4 min readBy Bnchmrk Team

PTO is one of the most asked-about benefits and one of the least understood. Everyone has opinions. Few have data.

"How much vacation should we offer?" "Is unlimited PTO actually common?" "What are other companies doing on parental leave?"

Consultants and HR teams ask these questions constantly. Until now, the answers have been anecdotes, outdated surveys, and whatever made headlines last week. We built PTO benchmarking to change that.

What the Data Actually Shows

We collected verified PTO policies from hundreds of employers across 10 industries. Not survey responses, actual policies. Here's what we found.

Unlimited PTO is rare and concentrated in tech.

Only 7% of employers offer unlimited or flexible PTO. That number surprises people because unlimited PTO gets outsized attention in the press. But look closer: in technology, 32% of employers offer it. In healthcare and manufacturing? Zero.

If you're benchmarking a non-tech employer against tech-company headlines, you're comparing apples to oranges. Most employers still use traditional accrual (48%) or combined PTO banks (45%).

The parental leave gap is real.

Birthing parents receive a median of 11 weeks paid leave. Non-birthing parents receive 7 weeks. That's a 4-week gap and it's persistent across most industries.

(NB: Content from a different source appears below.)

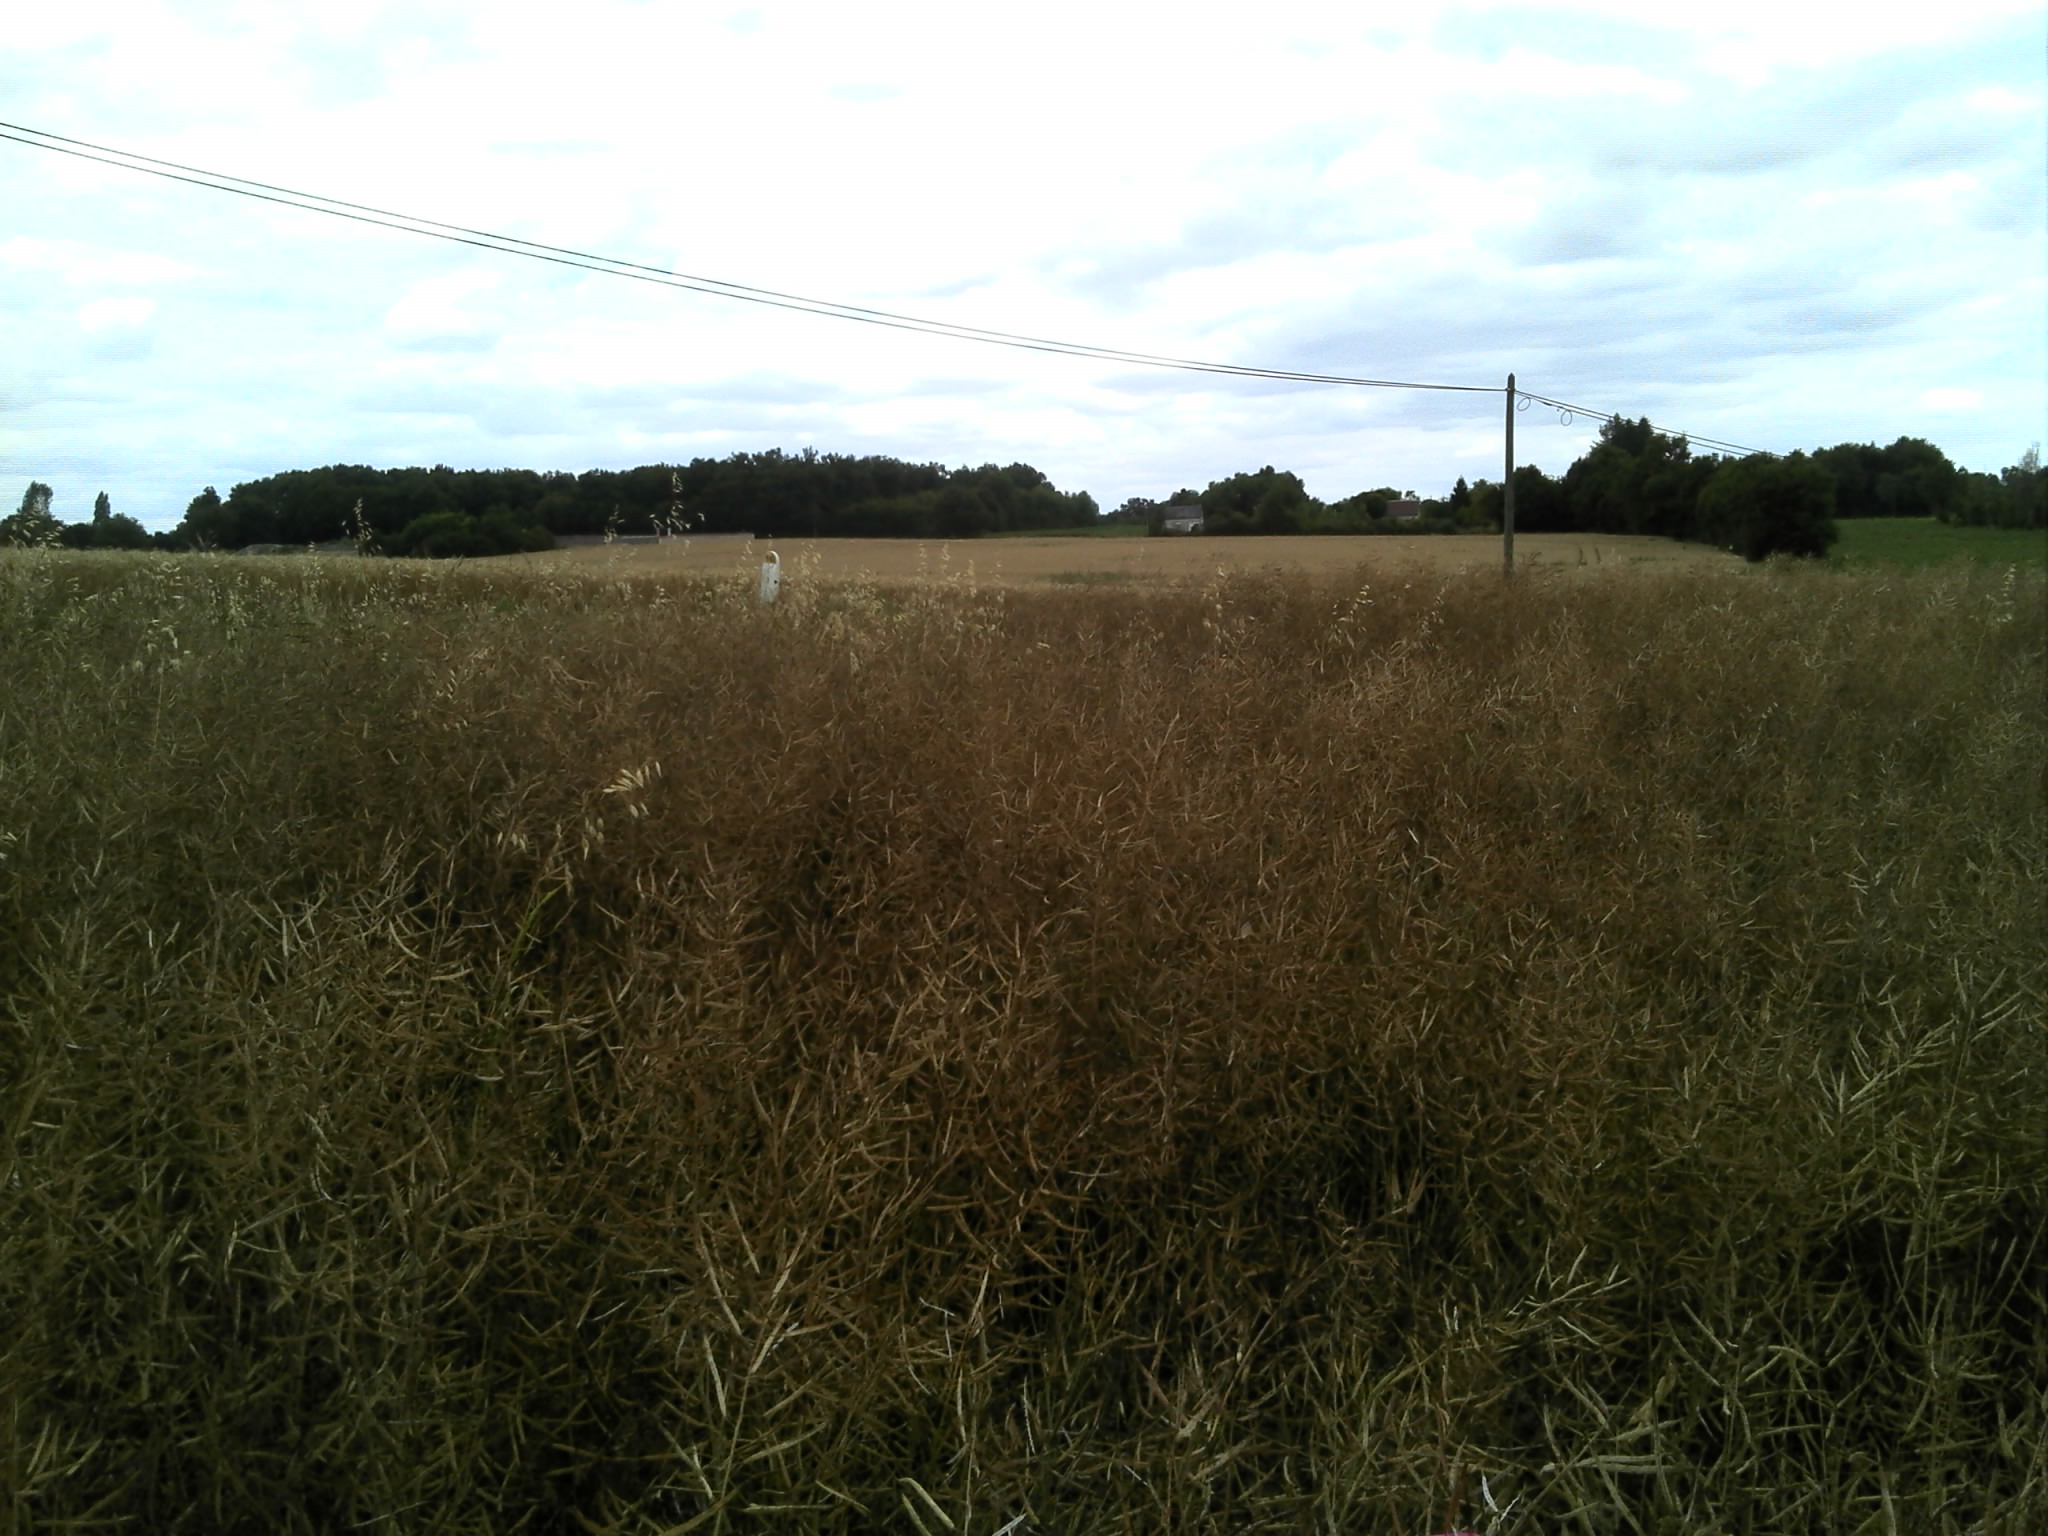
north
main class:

Only 22% of employers offer equal parental leave regardless of parent type. Education leads on parity at 56%. Most other industries lag well behind.

This gap matters for recruiting, retention, and increasingly for compliance as more states mandate leave parity.

Industry variation is massive.

Technology employers offer 12 weeks of birthing parent leave. Public sector offers 6 weeks. That's a 2x difference.

Vacation ranges tell a similar story. Entry-level employees in transportation and logistics may start with as few as 3 days. Entry-level employees in healthcare can start with 10.

National averages hide these differences. Peer-specific benchmarking reveals them.

Why This Matters

PTO isn't a line item, it's a talent strategy. Companies competing for the same candidates need to know what "competitive" actually means in their market, not what it means in Silicon Valley.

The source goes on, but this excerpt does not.